理论上,一个线性mRNA衍生的假基因会与它的亲本线性mRNA保持相同的外显子先后顺序。相比之下,circRNA衍生的假基因将会具有倒序的外显子- 外显子连接点 (Exon-exon junction, EEJ)。 利用这一特征,研究人员开发出了一种计算管道(CIRCpseudo)在小鼠参考基因组中鉴别潜在的circRNA衍生假基因。其中,至少有33个假基因有可能来自于RFWD2基因座的同一环状RNA,具有特征性的非共线性反向剪接连接区序列,以倒序锚定外显子6-外显子2。由于存在非共线性外显子6-外显子2连接区序列,他们将这33个假基因称作“高可信度circRFWD2衍生假基因”。此外,他们还在小鼠基因组发现了9个RFWD2相关假基因,将它们称作为“低可信度circRFWD2衍生假基因。”随后利用一种相似的策略,研究人员也在人类基因组中发现了一些高可信度和几十个低可信度circRNAs衍生假基因。

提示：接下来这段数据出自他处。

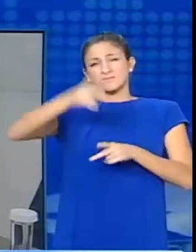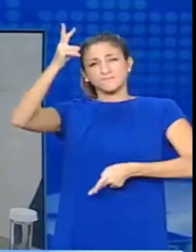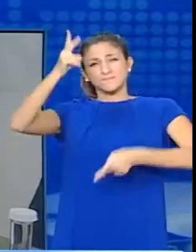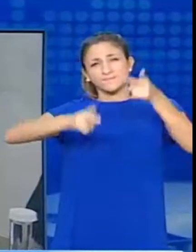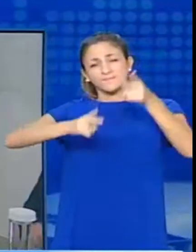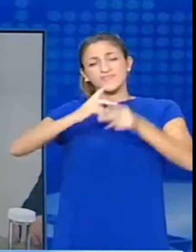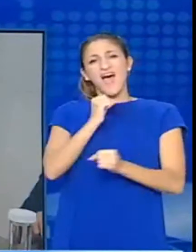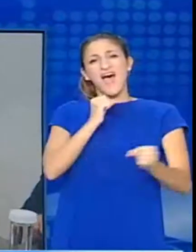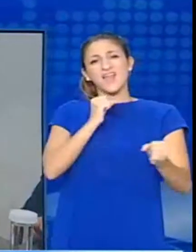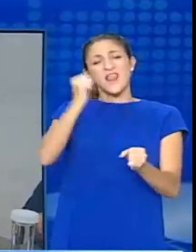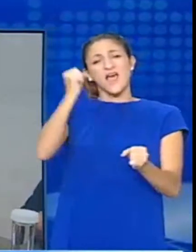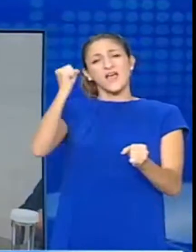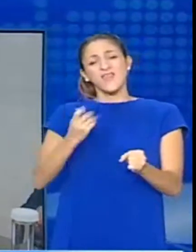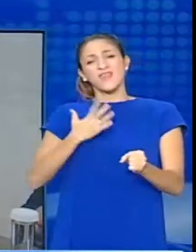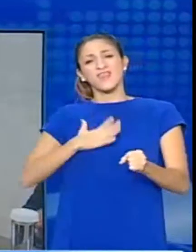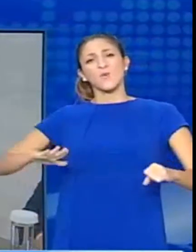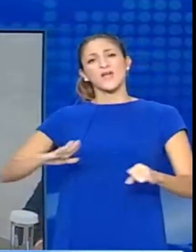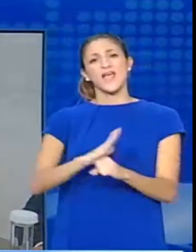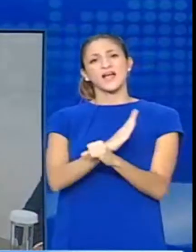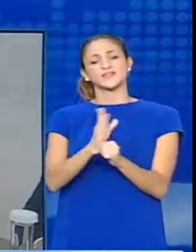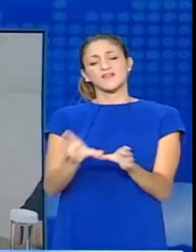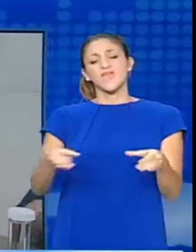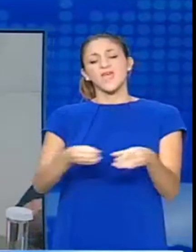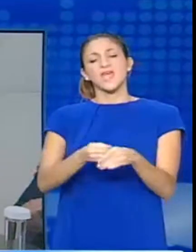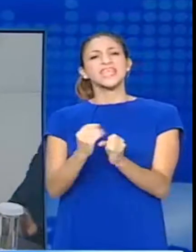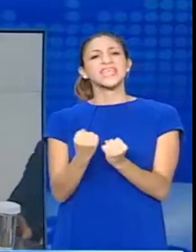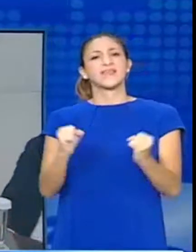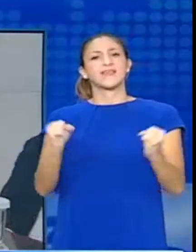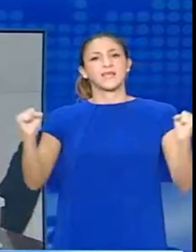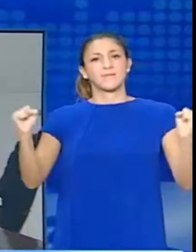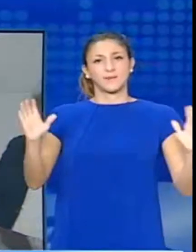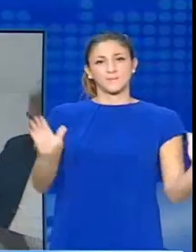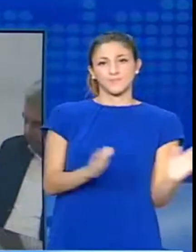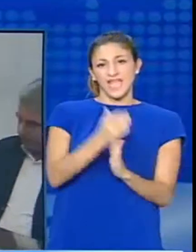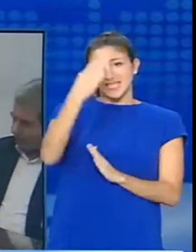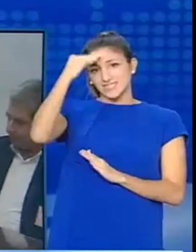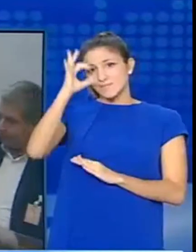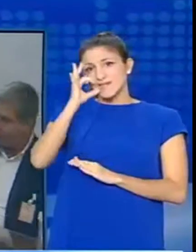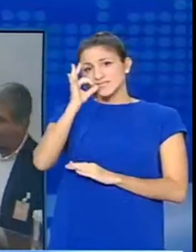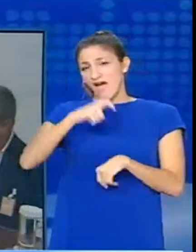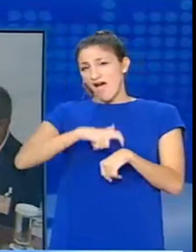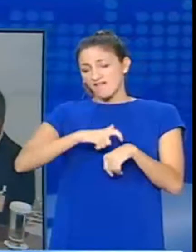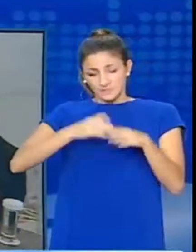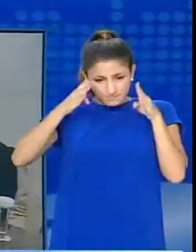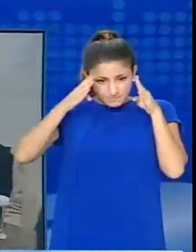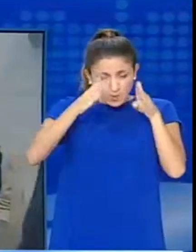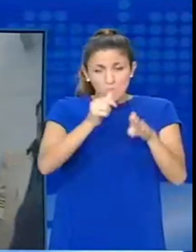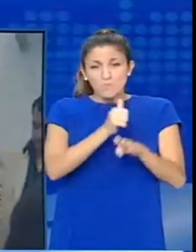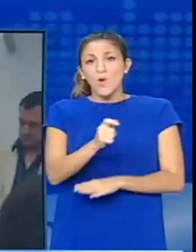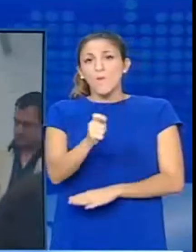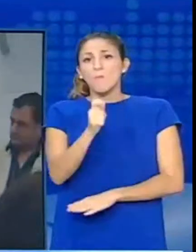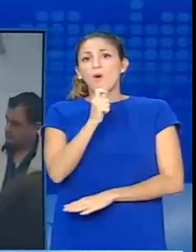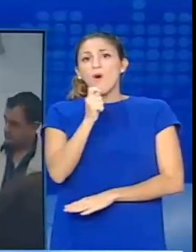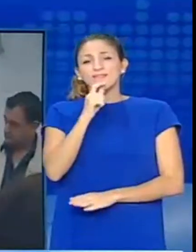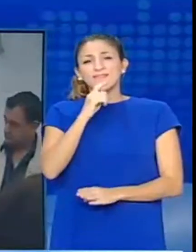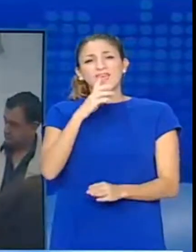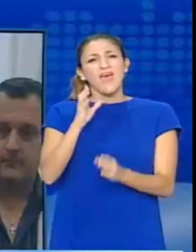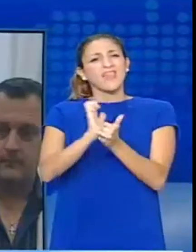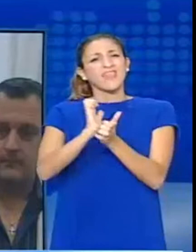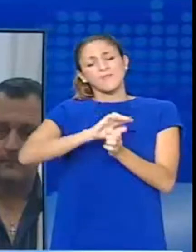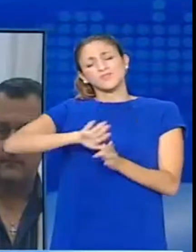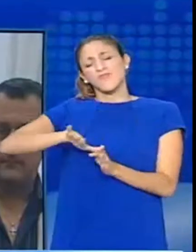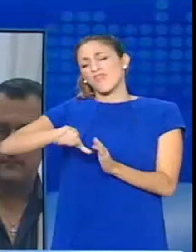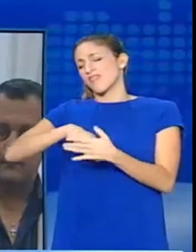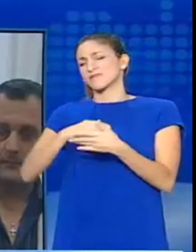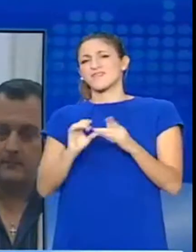Εμείς κάνουμε πολιτική, ρωτώντας τους εκπροσώπους της κυβέρνησης και δεν κάνουμε πολιτική με δημοσιεύματα επισήμενε πάντως ο Αλέξης Τσίπρας σε

这项研究证实,一些假基因可由circRNAs反转录转座而来,并在哺乳动物基因组中遗传。它们存在于基因组中有可能通过提供增加的CTCF结合位点重塑了基因组结构。不过作者们指出,还需要进一步的研究努力阐明circRNA反转录转座的分子机制,在不同的物种中注释circRNA衍生假基因,分析它们在各种转录组中的表达模式,证实它们在细胞中其他意想不到的作用。
2014年,杨力课题组和上海生命科学院的陈玲玲研究小组利用全基因组分析方法和circRNA重演,证实是外显子环化依赖于两侧的内含子互补序列。他们的结果支持了内含子配对驱动环化这一假说,证实是内含子的互补序列介导了外显子环化,生成的选择性环化产物有可能进一步扩大了哺乳动物转录后调控的复杂性。研究论文发表在9月18日的Cell杂志上(中国科学院Cell新文章聚焦环状RNA )。 尽管circRNA分子很丰富,它们的生成机制却鲜为人知。并且对于它们在我们的生物学中所起的作用也知之甚少,甚至几乎一点都不了解它们在疾病中的作用。在发表于2014年9月Molecular Cell杂志上的一篇论文中,耶路撒冷希伯莱大学的Sebastian Kadener博士实验室与Max Dellbruck研究所Nikolaus Rajewsky教授实验室合作,揭示了circRNAs是如何生成的(Cell子刊揭开神秘环状RNA的面纱 )。
来自中国科技大学、华中师范大学等处的研究人员报告称,他们鉴别出了一类与RNA聚合酶Ⅱ相关的环状RNA(circRNAs),将之命名为外显子-内含子circRNAs(EIciRNAs)。并证实这些EIciRNAs调控了细胞核中的转录。这些研究成果在线发表在2015年2月的Nature Structural & Molecular Biology杂志上(中国科技大学Nature子刊聚焦环状RNA )。